== EXTRACTED DATA ==
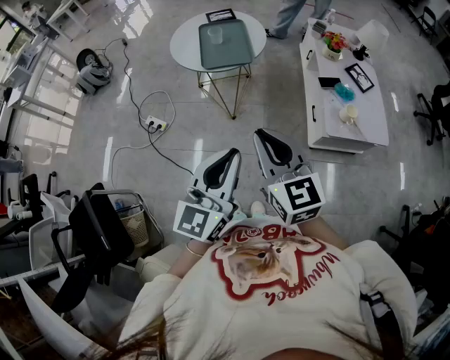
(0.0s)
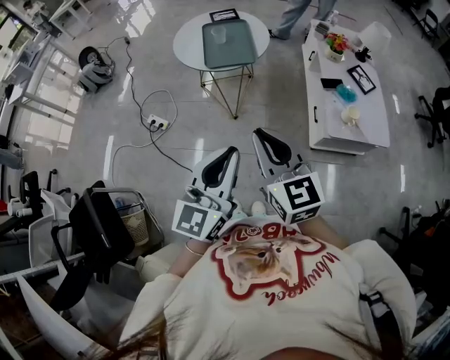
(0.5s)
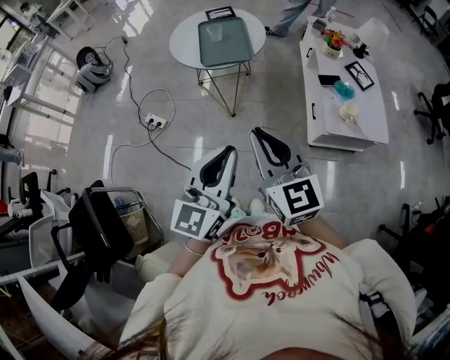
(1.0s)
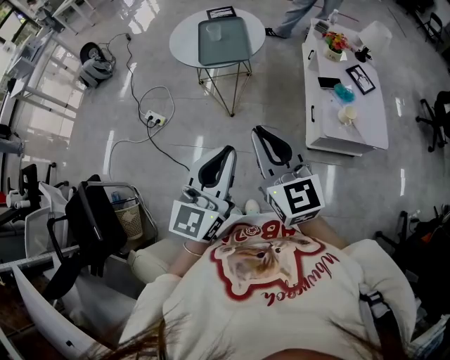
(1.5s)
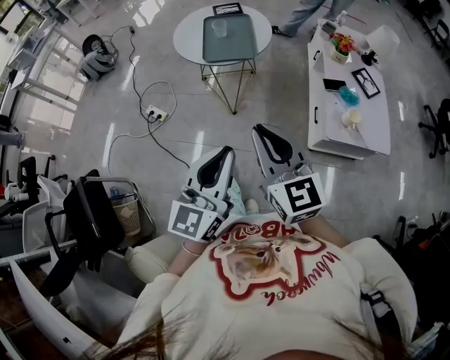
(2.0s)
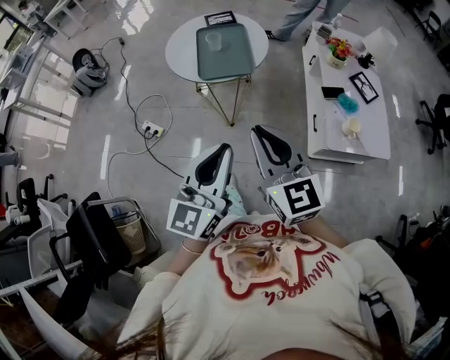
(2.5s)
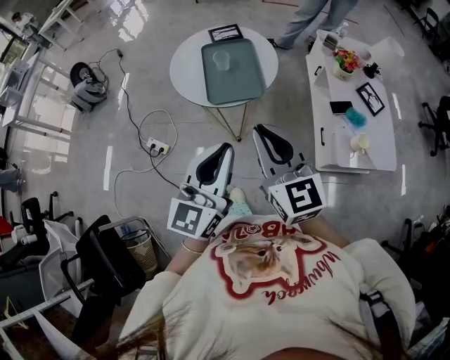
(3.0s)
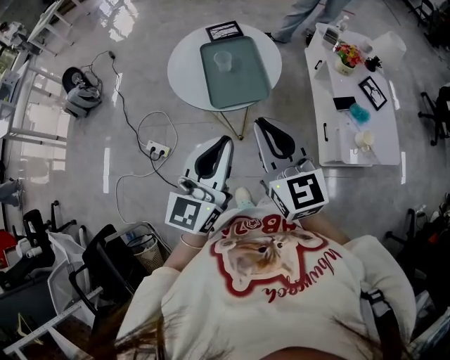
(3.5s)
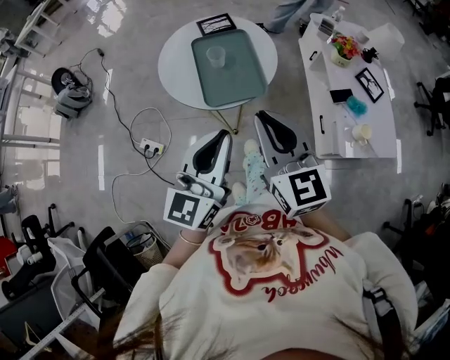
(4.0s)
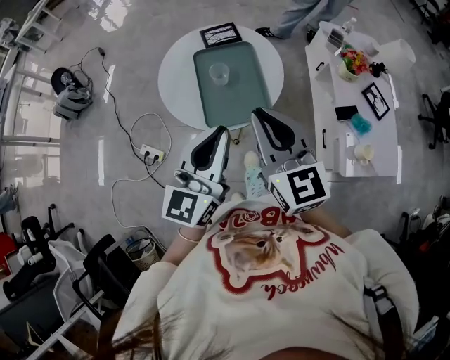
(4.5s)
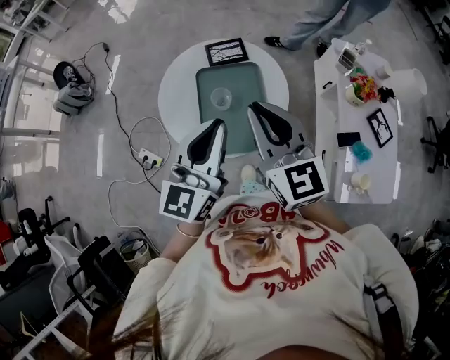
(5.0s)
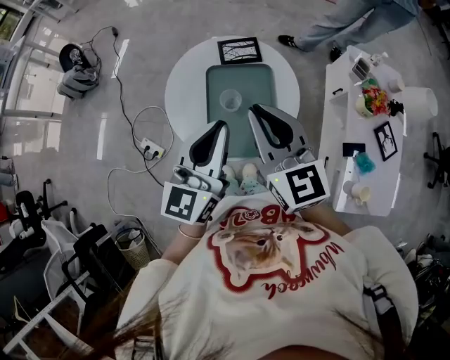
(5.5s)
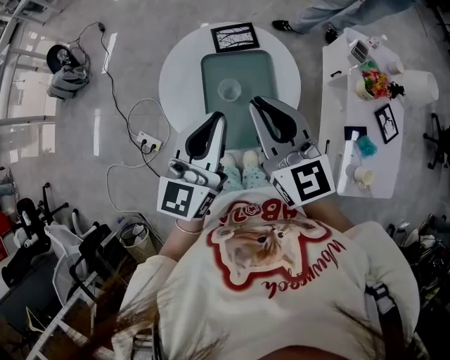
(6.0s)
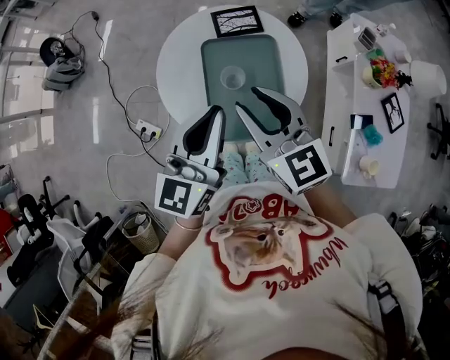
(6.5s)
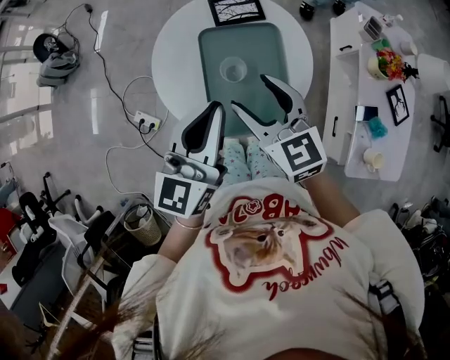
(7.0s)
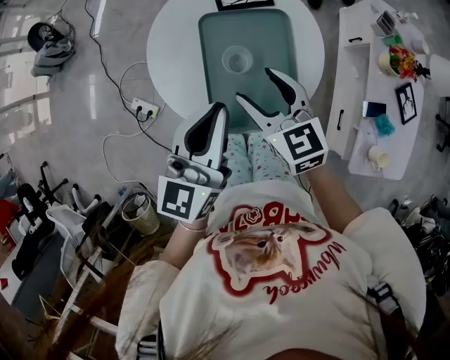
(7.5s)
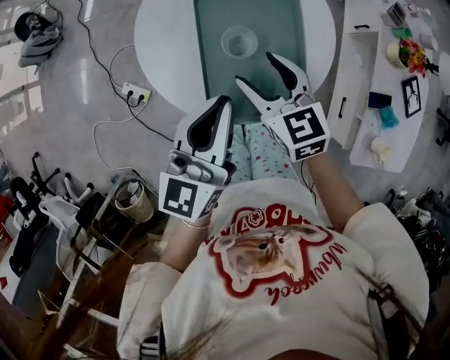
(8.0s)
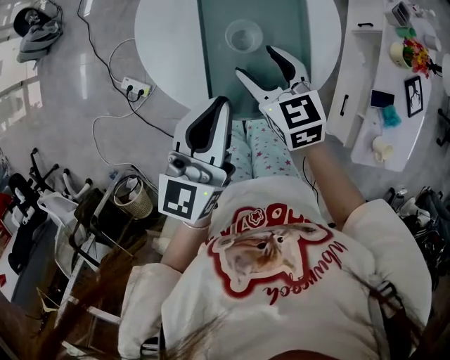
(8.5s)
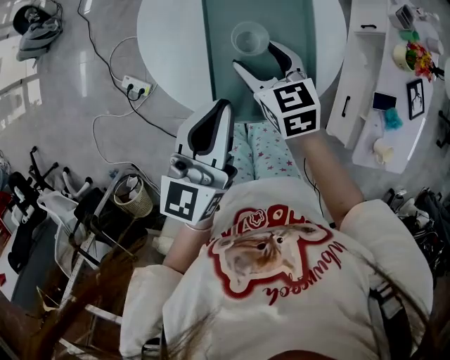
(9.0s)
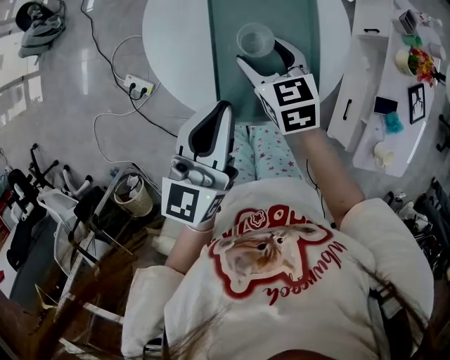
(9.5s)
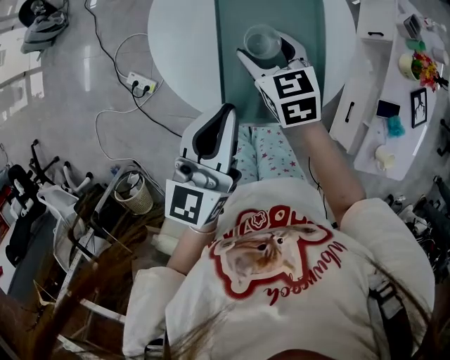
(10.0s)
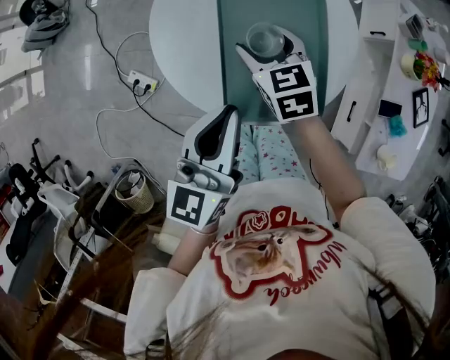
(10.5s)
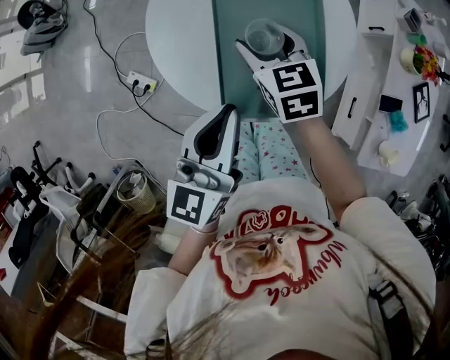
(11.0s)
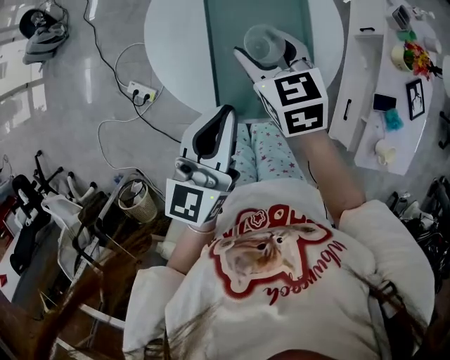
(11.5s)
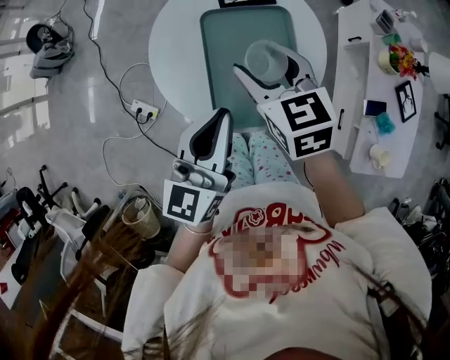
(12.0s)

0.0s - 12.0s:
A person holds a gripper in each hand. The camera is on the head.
0.0s - 2.0s: The grippers make only small movements.
2.0s - 4.0s: The grippers both shift forward by about 25 cm.
4.0s - 6.0s: Both grippers move forward, roughly 25 cm.
6.0s - 8.0s: The left gripper shifts some 10 cm downward; the right gripper moves downward, approximately 25 cm, turns by about 20 degrees, and opens up.
8.0s - 10.0s: The right gripper goes some 10 cm forward and downward.
10.0s - 12.0s: The left gripper changes place by approximately 5 cm, while the right gripper goes about 15 cm upward.

== WHAT THE TASK ASKS ==
Because only the text is wanted, repeat all the entries exactly and leave out the pictures.

== PROBLEM SOLUTION ==
(0.0s)
(0.5s)
(1.0s)
(1.5s)
(2.0s)
(2.5s)
(3.0s)
(3.5s)
(4.0s)
(4.5s)
(5.0s)
(5.5s)
(6.0s)
(6.5s)
(7.0s)
(7.5s)
(8.0s)
(8.5s)
(9.0s)
(9.5s)
(10.0s)
(10.5s)
(11.0s)
(11.5s)
(12.0s)

0.0s - 12.0s:
A person holds a gripper in each hand. The camera is on the head.
0.0s - 2.0s: The grippers make only small movements.
2.0s - 4.0s: The grippers both shift forward by about 25 cm.
4.0s - 6.0s: Both grippers move forward, roughly 25 cm.
6.0s - 8.0s: The left gripper shifts some 10 cm downward; the right gripper moves downward, approximately 25 cm, turns by about 20 degrees, and opens up.
8.0s - 10.0s: The right gripper goes some 10 cm forward and downward.
10.0s - 12.0s: The left gripper changes place by approximately 5 cm, while the right gripper goes about 15 cm upward.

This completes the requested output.